Would you give the listing again exactly, without its images?

*** Information provided ***

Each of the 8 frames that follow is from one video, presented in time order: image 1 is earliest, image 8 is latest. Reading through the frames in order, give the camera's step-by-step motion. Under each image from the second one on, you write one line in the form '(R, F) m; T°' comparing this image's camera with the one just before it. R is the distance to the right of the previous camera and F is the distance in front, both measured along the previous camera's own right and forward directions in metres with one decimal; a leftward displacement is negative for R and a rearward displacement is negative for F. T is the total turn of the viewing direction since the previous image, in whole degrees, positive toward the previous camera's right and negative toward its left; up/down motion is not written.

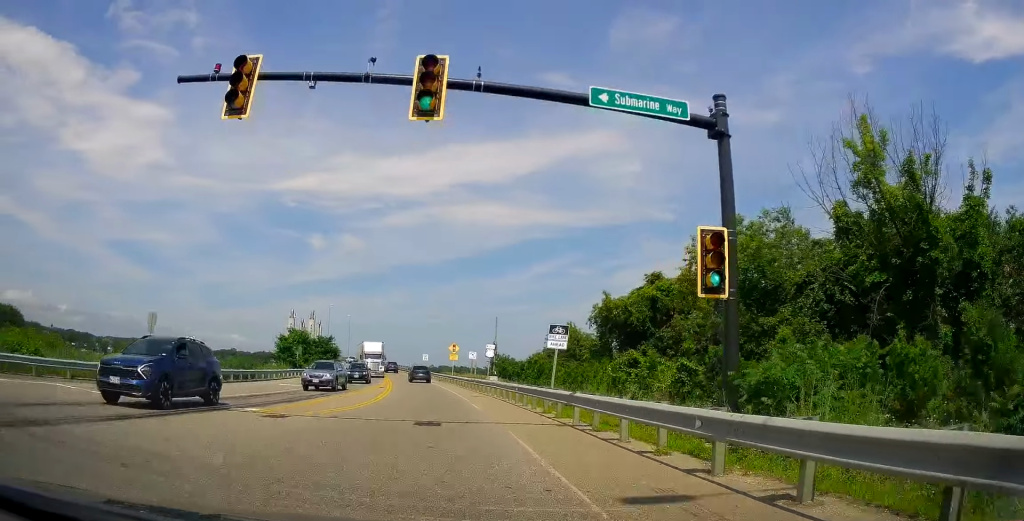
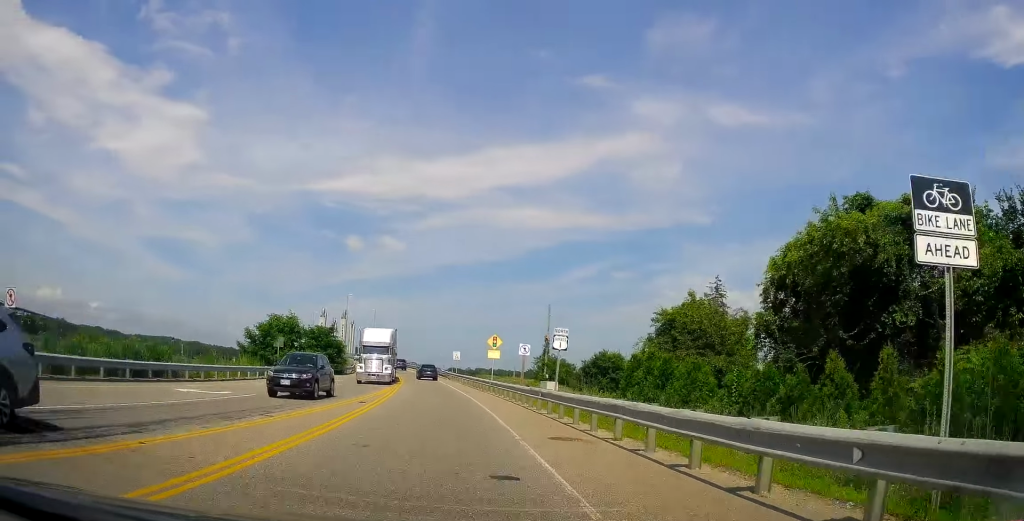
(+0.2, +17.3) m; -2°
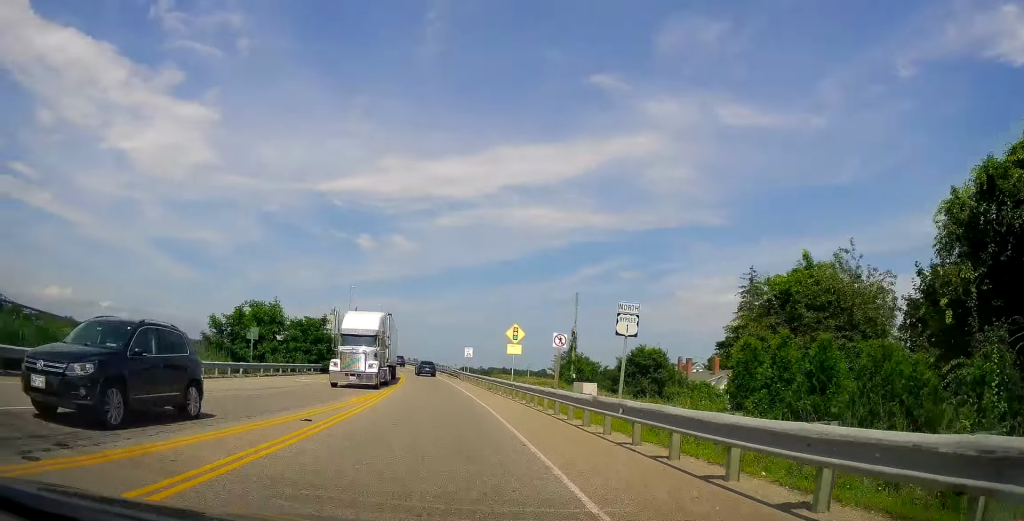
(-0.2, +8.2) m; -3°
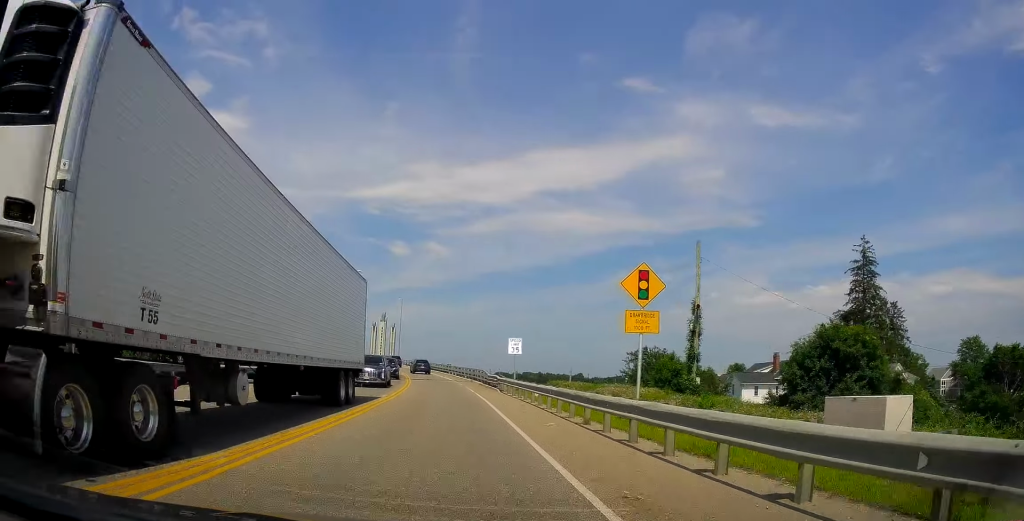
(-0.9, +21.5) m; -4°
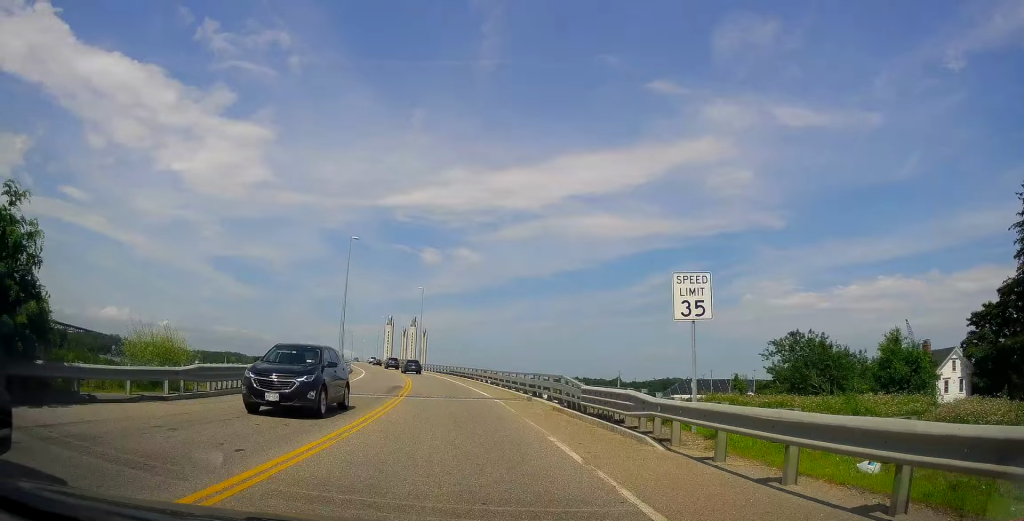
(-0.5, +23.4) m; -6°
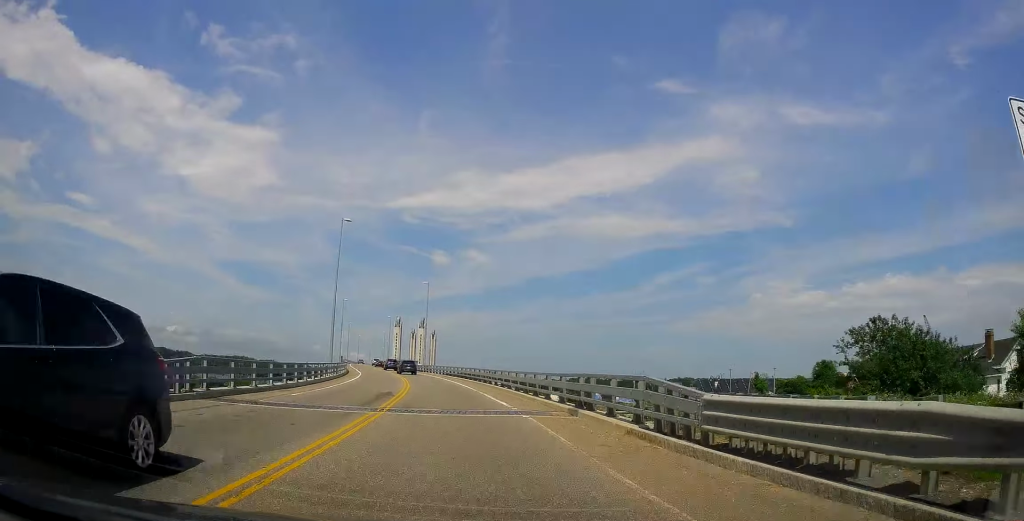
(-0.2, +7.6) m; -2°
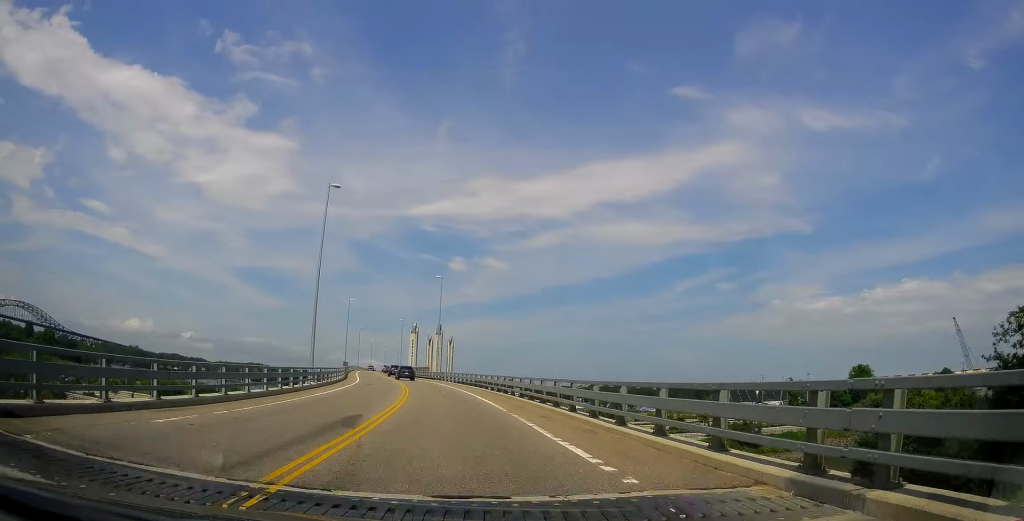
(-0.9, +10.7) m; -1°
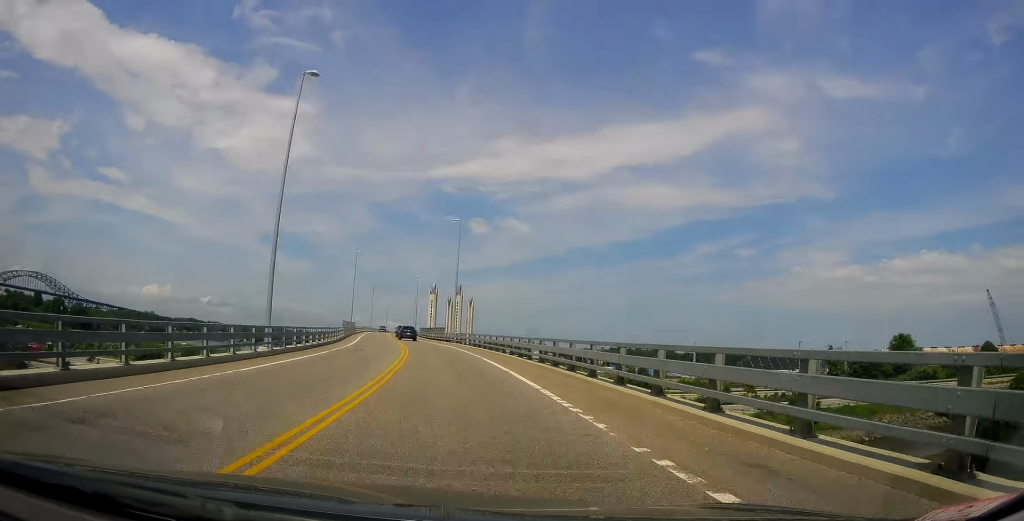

***

[Result of this task]
Each of the 8 frames that follow is from one video, presented in time order: image 1 is earliest, image 8 is latest. Reading through the frames in order, give the camera's step-by-step motion. Under each image from the second one on, you write one line in the form '(R, F) m; T°' comparing this image's camera with the one just before it. R is the distance to the right of the previous camera and F is the distance in front, both measured along the previous camera's own right and forward directions in metres with one decimal; a leftward displacement is negative for R and a rearward displacement is negative for F. T is the total turn of the viewing direction since the previous image, in whole degrees, positive toward the previous camera's right and negative toward its left; up/down motion is not written.

(+0.2, +17.3) m; -2°
(-0.2, +8.2) m; -3°
(-0.9, +21.5) m; -4°
(-0.5, +23.4) m; -6°
(-0.2, +7.6) m; -2°
(-0.9, +10.7) m; -1°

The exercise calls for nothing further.